You mean the glass bubble counter? Those are awfully small bubbles!!! 3bps from that bubble counter is more or less equal to 1.5 bps counted directly from the CO2 tubing. If you don't have a drop checker, get one with the 4kdh solution. You may not have enough CO2 level.


----------



## livingword26

They say that low nitrates and good flow are the prime cause of BGA, but you seem to have that covered. 4 x t5ho seems like a lot of light, but I don't know what your tank dimensions are. Aside from that, consistent, regular NPK and Micro ferts, vacuuming and water changes. If you have all that covered then hit it with the Maracyn, (erythromycin).


----------



## happi

are you talking about cyanobacteria, its very difficult to get rid of. but Erythromycin will get rid of it.


----------



## mxzxr

Yes it is cyanobacteria. I have some tetras and clown loaches, along with some inverts (snails, and amano shrimp), will treating with erythromycin kill everything in the tank though?


----------



## Hoppy

If you haven't calibrated your nitrate test kit, don't assume that it is giving you meaningful readings. If you follow a dosing method, like that in the sticky, you can forget about measuring the nitrates, and just rely on knowing that it will be enough, and will be limited to an amount that will still not be too much.


----------



## oliverpool

Is using erythromycin the only way to get rid of BGA? I have a spot of this at a spot near the right side along the glass of my tank. I have tried to move the plants/rock near that location to see if it was the flow issue. It did not seem to improve and that spot of BGA seems to be growing bigger by the day. I really hate to use medicine if there are other way to get rid of this.


----------



## willbldrco

If one uses erythromycin to get rid of BGA, other bacteria in the tank are killed too, including beneficial bacteria driving the nitrogen cycle of the tank. I've read that one must watch their tank very closely for several weeks after administering erythromycin. Does anyone have experience in doing this?
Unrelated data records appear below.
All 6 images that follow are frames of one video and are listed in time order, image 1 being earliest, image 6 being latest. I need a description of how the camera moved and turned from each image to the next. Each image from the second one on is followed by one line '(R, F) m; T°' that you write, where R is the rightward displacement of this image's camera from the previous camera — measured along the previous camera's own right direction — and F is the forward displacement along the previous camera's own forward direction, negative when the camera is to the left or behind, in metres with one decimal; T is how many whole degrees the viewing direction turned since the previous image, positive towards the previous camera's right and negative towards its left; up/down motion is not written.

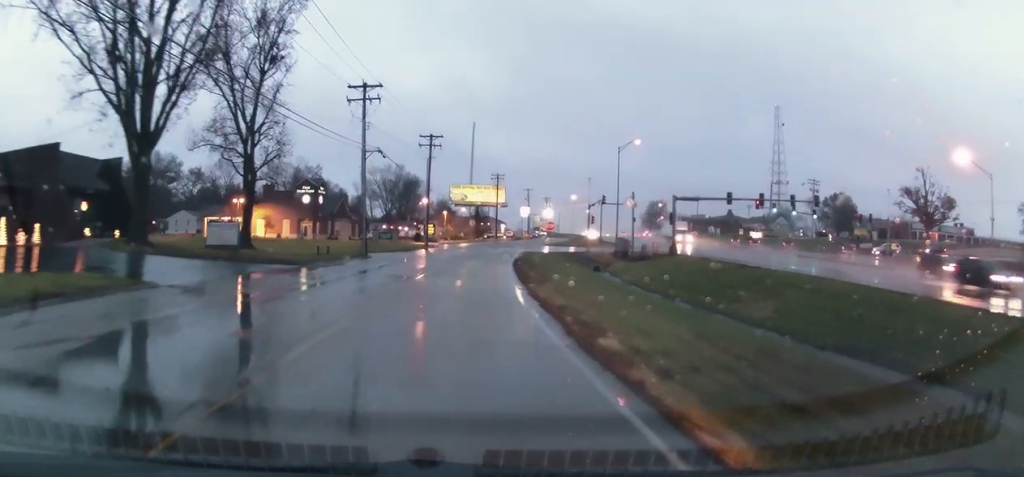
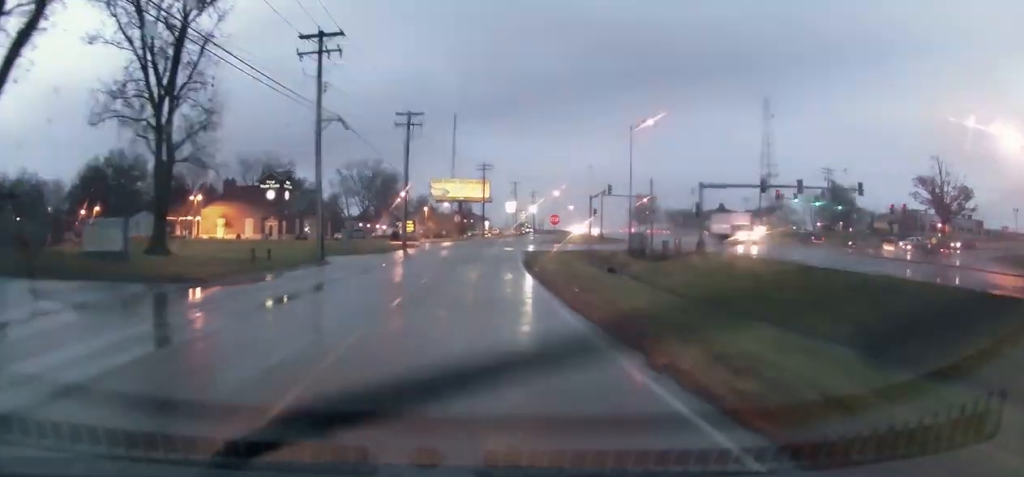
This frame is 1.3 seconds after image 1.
(0.0, +12.5) m; +1°
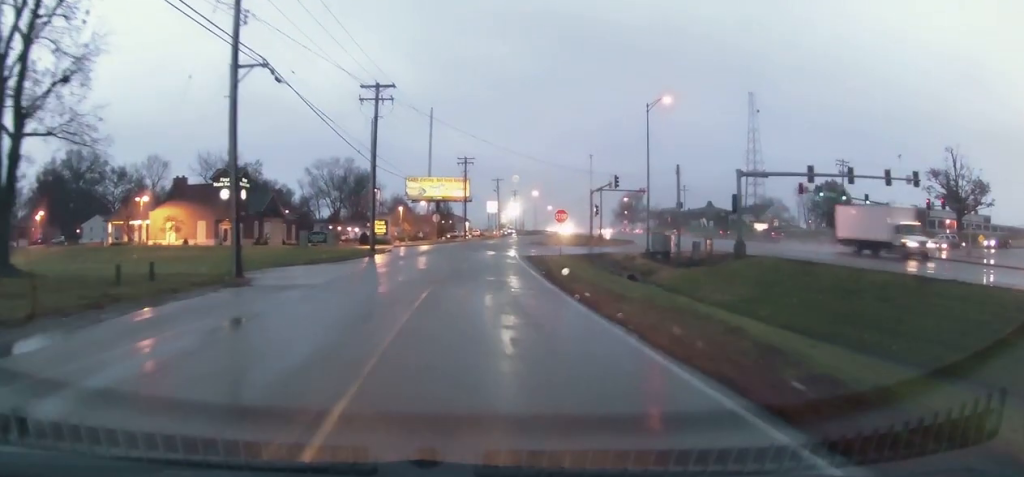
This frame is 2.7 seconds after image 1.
(+0.4, +12.6) m; +2°
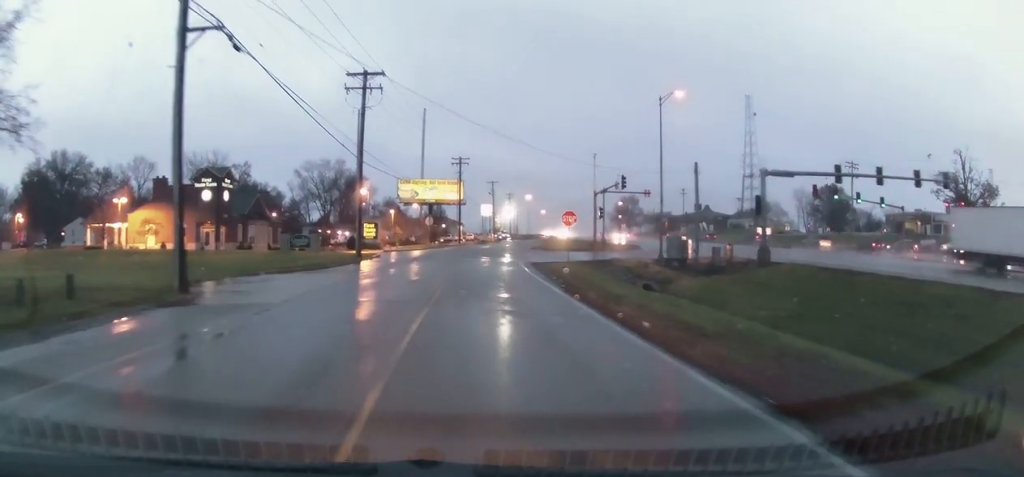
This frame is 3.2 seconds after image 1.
(0.0, +4.9) m; +1°
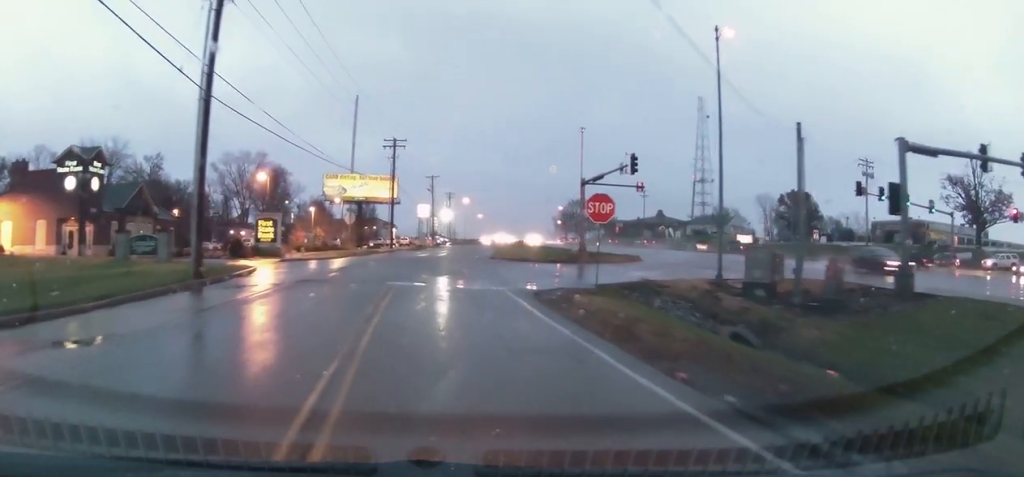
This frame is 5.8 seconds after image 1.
(+0.9, +20.8) m; +3°
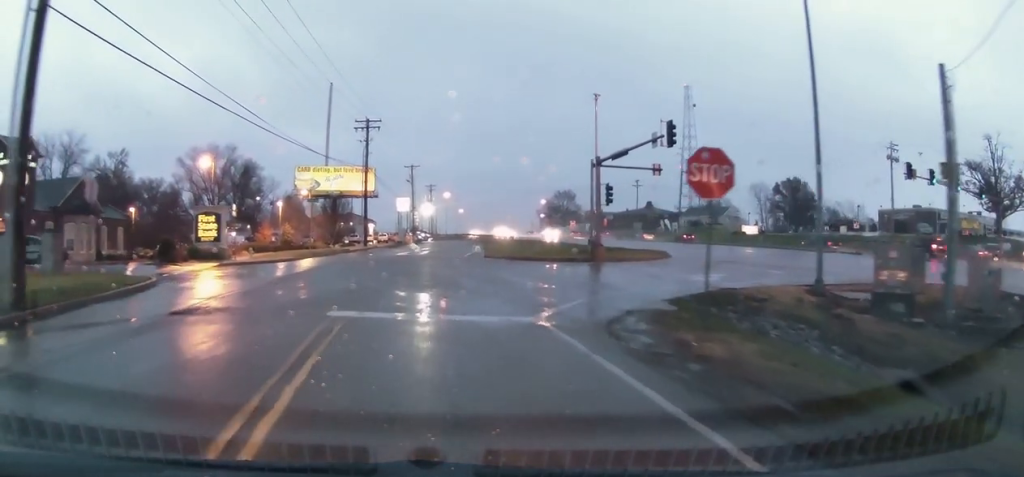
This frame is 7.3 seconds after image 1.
(+0.3, +10.4) m; +2°

What changes happened to the tank (other than the BGA dying off)? Are any special steps helpful in restor
ing the good bacteria?

I'm pretty sure I have it in my tank. Here are some pics:


























Note that in the last one the algae sort of streams off the leaf tips into a thread or hair-like algae. But it's not thread/hair algae as it doesn't remain in that shape after lifted out of the water (it's just slimy like the other BGA spots).

Will


----------



## livingword26

I have killed BGA in 2 freshwater and 1 saltwater tank with Erythromycin, and never had any signs of a cycle. If you look on a package of Maracyn, it says that it kills gram positive Bacteria. From what I have been able to find on the internet, nitrifying bacteria is generally gram negative, and less susceptible to the Erythromycin in Maracyn.


----------



## willbldrco

livingword26 said:


> I have killed BGA in 2 freshwater and 1 saltwater tank with Erythromycin, and never had any signs of a cycle. If you look on a package of Maracyn, it says that it kills gram positive Bacteria. From what I have been able to find on the internet, nitrifying bacteria is generally gram negative, and less susceptible to the Erythromycin in Maracyn.


Very good to know, thanks for the info!

Will


----------



## m00se

Your animals will be fine.

Not to get off topic but I notice that erythromycin is getting awfully scarce out in the wild and I've heard rumors that there's only one company that made it and they're not making it anymore. Anyone heard anything about that? If true we need to find another effective drug to kill this stuff.


----------



## kamikazi

I also dosed 2 freshwater tanks with Maracyn. No ill effects on plants, fish or cycle. Got rid of the cyano! All I did was follow the directions on the maracyn box..


----------



## radfish

I am also having problems with GSA in my 90 gal tank. I'm thinking of getting some ferts from Rex Rigg to increase my nitrate levels then blacking the tank out. Anybody ever tried his ferts? Is he still in business? I'm also debating about using erythromycin instead. Those of you who've used erythromycin-how did you get it? (Perscription?) And how did you figure out the dose?


----------



## IxIBluepitIxI

radfish said:


> I am also having problems with GSA in my 90 gal tank. I'm thinking of getting some ferts from Rex Rigg to increase my nitrate levels then blacking the tank out. Anybody ever tried his ferts? Is he still in business? I'm also debating about using erythromycin instead. Those of you who've used erythromycin-how did you get it? (Perscription?) And how did you figure out the dose?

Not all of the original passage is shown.